[[ TASK INPUTS open ]]

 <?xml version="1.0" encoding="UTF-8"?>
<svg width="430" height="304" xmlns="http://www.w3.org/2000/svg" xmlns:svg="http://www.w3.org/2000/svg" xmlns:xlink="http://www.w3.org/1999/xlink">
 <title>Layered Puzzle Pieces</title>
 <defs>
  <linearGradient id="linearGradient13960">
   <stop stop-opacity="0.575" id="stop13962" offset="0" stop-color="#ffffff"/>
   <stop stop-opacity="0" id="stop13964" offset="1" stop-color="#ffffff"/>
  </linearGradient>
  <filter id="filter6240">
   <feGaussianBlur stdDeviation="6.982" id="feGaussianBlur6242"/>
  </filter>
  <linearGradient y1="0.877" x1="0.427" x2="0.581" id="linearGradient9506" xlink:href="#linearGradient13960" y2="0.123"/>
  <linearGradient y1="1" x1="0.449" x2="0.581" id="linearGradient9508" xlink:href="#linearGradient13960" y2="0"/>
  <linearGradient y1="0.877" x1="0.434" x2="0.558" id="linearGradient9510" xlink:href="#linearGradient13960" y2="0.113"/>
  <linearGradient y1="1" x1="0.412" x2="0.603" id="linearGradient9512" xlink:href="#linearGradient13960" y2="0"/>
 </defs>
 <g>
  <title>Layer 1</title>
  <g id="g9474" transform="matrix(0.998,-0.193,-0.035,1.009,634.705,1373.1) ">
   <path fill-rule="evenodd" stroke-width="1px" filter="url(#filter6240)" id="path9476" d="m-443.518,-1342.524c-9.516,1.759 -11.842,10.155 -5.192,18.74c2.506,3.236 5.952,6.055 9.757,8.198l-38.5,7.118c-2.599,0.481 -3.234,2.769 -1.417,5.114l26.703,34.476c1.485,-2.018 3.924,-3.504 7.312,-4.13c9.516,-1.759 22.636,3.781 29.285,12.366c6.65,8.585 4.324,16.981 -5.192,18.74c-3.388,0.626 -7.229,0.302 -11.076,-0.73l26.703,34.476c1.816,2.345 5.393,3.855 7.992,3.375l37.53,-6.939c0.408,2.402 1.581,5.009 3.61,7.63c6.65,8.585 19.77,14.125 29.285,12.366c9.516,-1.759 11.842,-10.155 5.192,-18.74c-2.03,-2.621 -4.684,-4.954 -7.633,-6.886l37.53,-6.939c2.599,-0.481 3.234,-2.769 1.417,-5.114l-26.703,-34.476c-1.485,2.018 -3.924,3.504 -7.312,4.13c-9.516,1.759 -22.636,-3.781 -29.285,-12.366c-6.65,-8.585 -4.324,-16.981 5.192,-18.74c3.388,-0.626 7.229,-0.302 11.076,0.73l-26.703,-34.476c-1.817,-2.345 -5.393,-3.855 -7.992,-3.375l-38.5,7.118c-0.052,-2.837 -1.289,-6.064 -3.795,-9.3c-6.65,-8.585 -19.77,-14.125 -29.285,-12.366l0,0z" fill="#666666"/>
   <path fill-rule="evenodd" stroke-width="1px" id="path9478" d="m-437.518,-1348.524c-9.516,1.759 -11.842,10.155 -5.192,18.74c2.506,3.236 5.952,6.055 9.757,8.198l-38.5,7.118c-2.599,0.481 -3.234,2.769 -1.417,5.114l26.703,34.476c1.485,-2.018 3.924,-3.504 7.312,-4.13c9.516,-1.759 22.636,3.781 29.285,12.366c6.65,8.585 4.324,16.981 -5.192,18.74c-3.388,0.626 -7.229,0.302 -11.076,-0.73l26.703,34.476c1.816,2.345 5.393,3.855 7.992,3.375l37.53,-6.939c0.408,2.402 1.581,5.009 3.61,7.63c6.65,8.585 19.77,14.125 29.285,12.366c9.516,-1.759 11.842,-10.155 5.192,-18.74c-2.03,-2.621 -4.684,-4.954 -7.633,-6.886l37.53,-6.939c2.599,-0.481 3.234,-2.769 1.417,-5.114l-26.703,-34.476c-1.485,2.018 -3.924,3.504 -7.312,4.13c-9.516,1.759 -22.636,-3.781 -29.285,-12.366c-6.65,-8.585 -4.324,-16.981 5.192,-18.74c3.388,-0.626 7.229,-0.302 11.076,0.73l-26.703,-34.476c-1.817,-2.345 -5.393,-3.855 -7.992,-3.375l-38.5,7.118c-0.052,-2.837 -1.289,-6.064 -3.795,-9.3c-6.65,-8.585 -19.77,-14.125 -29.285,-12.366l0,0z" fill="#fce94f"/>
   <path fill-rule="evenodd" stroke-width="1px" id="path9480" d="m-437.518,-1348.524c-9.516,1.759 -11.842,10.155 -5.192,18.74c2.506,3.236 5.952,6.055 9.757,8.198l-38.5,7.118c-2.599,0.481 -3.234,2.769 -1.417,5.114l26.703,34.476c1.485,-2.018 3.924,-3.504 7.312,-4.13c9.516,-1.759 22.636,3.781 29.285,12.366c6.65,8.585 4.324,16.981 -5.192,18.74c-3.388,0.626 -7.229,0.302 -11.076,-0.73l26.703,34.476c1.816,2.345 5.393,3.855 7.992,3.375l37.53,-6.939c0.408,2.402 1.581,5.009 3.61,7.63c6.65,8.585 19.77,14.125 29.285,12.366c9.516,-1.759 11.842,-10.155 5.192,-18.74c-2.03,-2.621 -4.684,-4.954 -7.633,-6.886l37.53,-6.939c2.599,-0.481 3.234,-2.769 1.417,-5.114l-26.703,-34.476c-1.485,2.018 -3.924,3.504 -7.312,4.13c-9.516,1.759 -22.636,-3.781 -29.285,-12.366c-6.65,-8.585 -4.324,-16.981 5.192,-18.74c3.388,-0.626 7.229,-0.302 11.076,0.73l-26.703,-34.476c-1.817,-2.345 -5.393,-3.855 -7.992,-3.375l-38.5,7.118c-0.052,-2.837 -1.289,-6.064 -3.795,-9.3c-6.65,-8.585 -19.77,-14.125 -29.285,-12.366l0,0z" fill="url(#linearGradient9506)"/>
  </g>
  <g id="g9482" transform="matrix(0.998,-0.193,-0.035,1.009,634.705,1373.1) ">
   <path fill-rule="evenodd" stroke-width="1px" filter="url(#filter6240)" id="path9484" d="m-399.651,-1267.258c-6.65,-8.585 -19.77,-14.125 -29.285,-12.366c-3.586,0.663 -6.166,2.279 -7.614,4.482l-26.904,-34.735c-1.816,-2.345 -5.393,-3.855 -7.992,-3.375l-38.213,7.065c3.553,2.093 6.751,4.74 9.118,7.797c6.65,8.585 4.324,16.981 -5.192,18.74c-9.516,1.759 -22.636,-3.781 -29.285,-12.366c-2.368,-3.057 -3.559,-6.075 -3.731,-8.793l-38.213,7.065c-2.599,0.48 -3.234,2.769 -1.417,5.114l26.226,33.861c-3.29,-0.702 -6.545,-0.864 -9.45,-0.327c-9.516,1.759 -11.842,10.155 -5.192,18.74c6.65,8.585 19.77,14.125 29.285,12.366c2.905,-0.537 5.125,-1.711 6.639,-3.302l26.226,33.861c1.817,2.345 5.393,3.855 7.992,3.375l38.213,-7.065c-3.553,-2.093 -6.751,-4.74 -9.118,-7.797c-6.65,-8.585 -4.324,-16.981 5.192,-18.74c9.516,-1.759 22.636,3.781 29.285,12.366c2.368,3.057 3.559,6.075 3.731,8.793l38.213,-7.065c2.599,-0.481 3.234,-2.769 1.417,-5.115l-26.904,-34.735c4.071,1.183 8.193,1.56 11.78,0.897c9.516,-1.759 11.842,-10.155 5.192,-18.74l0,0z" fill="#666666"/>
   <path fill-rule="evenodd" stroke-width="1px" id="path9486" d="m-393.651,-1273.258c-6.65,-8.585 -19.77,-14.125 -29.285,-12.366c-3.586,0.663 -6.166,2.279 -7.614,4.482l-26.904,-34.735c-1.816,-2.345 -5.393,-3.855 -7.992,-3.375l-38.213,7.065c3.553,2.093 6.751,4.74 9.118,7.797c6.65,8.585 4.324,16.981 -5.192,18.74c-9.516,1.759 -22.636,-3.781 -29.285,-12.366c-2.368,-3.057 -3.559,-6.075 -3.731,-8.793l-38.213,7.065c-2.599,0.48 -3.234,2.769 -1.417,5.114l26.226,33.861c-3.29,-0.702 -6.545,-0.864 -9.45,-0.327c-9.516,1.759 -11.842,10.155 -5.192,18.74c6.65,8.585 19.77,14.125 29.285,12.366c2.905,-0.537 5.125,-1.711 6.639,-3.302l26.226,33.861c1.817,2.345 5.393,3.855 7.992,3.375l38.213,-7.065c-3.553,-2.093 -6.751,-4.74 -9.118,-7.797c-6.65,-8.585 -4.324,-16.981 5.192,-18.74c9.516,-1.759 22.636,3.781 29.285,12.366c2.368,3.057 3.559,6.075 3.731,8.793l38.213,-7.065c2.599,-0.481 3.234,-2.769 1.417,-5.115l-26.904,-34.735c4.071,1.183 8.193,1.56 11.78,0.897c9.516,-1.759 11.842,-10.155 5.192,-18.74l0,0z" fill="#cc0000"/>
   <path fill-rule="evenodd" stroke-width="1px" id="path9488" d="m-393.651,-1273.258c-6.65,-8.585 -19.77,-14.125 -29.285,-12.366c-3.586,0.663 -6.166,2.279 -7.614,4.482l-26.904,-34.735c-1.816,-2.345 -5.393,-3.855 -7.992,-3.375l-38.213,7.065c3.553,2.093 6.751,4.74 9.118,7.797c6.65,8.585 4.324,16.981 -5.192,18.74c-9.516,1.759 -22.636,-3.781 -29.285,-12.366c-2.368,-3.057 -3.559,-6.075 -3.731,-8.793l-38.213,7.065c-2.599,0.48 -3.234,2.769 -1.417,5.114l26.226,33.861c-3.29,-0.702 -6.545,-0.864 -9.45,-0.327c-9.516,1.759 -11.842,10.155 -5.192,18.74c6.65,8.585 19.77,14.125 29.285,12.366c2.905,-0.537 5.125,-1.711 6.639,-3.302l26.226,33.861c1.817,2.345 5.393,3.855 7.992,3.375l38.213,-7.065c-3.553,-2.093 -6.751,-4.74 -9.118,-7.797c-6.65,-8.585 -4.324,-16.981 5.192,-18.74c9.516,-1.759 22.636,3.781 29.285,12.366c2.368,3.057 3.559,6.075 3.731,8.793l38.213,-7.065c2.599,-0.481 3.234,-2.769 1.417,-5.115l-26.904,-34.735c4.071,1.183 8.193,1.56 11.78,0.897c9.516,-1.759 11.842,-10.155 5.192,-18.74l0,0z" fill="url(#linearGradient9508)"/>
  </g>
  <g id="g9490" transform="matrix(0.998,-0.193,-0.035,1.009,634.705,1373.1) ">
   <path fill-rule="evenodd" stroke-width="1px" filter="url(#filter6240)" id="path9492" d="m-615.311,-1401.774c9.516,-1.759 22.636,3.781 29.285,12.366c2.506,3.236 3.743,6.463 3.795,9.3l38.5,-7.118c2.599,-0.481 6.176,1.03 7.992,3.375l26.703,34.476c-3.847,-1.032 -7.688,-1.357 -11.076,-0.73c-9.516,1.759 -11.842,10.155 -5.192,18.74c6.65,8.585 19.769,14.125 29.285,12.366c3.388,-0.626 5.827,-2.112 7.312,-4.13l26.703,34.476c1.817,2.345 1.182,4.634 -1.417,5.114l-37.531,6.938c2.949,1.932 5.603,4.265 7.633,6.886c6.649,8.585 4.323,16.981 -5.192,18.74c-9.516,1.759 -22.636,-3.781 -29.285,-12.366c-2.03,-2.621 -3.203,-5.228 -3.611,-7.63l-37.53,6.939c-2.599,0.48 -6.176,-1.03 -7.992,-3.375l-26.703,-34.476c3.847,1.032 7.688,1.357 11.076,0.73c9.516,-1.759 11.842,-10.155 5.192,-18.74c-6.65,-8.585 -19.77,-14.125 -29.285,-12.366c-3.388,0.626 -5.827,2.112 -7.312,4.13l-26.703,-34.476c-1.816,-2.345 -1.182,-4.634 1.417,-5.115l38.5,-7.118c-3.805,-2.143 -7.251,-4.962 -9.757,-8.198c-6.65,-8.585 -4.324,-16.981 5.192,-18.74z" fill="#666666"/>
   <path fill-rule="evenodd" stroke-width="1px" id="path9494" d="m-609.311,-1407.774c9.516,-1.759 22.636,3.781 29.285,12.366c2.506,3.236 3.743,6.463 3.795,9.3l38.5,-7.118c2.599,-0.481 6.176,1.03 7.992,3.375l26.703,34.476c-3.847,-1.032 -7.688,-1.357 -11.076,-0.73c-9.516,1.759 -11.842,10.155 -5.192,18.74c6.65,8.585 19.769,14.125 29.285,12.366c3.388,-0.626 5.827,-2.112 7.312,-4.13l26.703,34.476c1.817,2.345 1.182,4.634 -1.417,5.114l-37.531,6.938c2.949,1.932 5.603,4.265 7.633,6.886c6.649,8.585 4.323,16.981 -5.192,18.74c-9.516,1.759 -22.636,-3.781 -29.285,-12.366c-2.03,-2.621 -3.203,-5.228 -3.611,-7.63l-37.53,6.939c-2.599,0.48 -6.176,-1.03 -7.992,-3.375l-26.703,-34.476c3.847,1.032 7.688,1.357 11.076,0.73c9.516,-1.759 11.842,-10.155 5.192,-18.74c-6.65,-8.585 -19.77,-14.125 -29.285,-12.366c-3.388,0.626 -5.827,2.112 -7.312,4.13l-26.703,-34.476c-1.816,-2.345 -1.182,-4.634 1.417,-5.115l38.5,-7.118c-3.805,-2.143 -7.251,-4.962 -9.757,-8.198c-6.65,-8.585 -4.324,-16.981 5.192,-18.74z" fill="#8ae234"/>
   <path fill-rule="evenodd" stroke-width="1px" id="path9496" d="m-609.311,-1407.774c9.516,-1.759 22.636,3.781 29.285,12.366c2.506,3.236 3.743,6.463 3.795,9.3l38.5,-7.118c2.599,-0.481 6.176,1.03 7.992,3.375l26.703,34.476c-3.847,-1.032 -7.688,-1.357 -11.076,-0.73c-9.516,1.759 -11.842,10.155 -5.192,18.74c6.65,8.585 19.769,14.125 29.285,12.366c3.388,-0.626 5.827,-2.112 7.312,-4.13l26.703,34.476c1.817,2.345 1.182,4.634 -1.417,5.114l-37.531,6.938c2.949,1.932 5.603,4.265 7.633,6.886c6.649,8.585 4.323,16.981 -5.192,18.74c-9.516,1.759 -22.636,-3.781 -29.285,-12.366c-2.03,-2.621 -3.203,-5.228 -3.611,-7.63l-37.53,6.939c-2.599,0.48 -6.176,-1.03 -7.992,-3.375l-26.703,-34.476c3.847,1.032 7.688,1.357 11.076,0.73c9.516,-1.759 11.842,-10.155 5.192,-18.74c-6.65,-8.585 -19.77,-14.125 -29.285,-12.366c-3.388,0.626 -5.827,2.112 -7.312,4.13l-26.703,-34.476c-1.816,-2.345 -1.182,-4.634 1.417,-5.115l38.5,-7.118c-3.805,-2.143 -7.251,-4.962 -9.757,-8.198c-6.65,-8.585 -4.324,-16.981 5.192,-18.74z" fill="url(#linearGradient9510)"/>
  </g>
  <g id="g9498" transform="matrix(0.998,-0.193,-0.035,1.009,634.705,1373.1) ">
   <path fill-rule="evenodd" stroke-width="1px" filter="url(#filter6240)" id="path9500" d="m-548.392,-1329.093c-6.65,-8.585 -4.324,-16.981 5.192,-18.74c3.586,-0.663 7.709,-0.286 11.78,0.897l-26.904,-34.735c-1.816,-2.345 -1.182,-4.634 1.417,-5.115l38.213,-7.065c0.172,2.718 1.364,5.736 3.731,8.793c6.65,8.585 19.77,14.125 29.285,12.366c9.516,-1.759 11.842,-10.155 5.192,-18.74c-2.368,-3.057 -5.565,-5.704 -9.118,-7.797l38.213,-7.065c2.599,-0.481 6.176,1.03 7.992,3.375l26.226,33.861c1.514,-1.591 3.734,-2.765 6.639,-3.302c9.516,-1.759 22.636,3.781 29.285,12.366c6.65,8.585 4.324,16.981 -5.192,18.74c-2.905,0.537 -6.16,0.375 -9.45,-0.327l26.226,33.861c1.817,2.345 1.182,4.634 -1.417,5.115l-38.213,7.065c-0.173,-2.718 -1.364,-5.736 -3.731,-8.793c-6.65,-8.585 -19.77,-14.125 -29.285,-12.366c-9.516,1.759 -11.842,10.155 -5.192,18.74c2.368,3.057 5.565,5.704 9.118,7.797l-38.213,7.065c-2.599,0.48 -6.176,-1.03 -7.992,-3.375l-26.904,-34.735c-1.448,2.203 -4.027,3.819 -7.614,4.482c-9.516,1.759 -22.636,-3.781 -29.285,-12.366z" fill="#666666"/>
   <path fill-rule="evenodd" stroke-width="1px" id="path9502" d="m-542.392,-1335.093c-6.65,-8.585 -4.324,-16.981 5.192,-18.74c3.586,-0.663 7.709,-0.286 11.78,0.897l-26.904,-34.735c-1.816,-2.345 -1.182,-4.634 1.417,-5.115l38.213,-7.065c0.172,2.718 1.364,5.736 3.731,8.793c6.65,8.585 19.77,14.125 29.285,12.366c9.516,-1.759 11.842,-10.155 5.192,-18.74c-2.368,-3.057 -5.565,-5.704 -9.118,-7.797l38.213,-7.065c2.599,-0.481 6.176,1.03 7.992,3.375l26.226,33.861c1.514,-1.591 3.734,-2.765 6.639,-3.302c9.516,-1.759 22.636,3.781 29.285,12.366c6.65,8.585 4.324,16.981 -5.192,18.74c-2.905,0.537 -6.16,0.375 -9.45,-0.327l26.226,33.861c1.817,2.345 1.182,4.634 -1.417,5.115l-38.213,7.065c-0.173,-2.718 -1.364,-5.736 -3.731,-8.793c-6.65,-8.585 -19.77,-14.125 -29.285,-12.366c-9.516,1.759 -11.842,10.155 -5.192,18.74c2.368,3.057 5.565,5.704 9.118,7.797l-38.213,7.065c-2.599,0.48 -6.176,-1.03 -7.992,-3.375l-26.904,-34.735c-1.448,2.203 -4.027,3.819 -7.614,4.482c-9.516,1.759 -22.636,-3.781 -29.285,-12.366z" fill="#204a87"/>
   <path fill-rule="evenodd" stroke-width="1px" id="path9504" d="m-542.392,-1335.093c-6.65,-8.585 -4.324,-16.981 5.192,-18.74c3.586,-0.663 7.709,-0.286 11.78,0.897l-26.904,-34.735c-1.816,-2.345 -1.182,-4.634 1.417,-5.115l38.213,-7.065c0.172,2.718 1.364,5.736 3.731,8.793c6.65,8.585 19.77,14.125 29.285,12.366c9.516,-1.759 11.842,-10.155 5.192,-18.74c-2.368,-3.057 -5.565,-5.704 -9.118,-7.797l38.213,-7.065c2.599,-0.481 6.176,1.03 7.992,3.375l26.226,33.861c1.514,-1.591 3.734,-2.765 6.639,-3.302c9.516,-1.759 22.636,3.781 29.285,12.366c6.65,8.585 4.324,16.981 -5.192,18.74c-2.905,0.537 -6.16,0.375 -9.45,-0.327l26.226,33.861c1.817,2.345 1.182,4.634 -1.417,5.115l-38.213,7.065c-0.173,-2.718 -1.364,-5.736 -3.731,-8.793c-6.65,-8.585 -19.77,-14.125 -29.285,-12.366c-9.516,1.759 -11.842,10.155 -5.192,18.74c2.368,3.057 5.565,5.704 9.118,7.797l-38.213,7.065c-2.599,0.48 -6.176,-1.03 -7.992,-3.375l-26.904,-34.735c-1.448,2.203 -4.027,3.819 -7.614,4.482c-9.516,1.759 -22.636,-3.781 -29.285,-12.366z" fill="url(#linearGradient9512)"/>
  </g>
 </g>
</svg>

[[ TASK INPUTS closed ]]

## PROBLEM DESCRIPTION
When the word "stop" occurs in a line above, list that line.

## ANSWER SECTION
   <stop stop-opacity="0.575" id="stop13962" offset="0" stop-color="#ffffff"/>
   <stop stop-opacity="0" id="stop13964" offset="1" stop-color="#ffffff"/>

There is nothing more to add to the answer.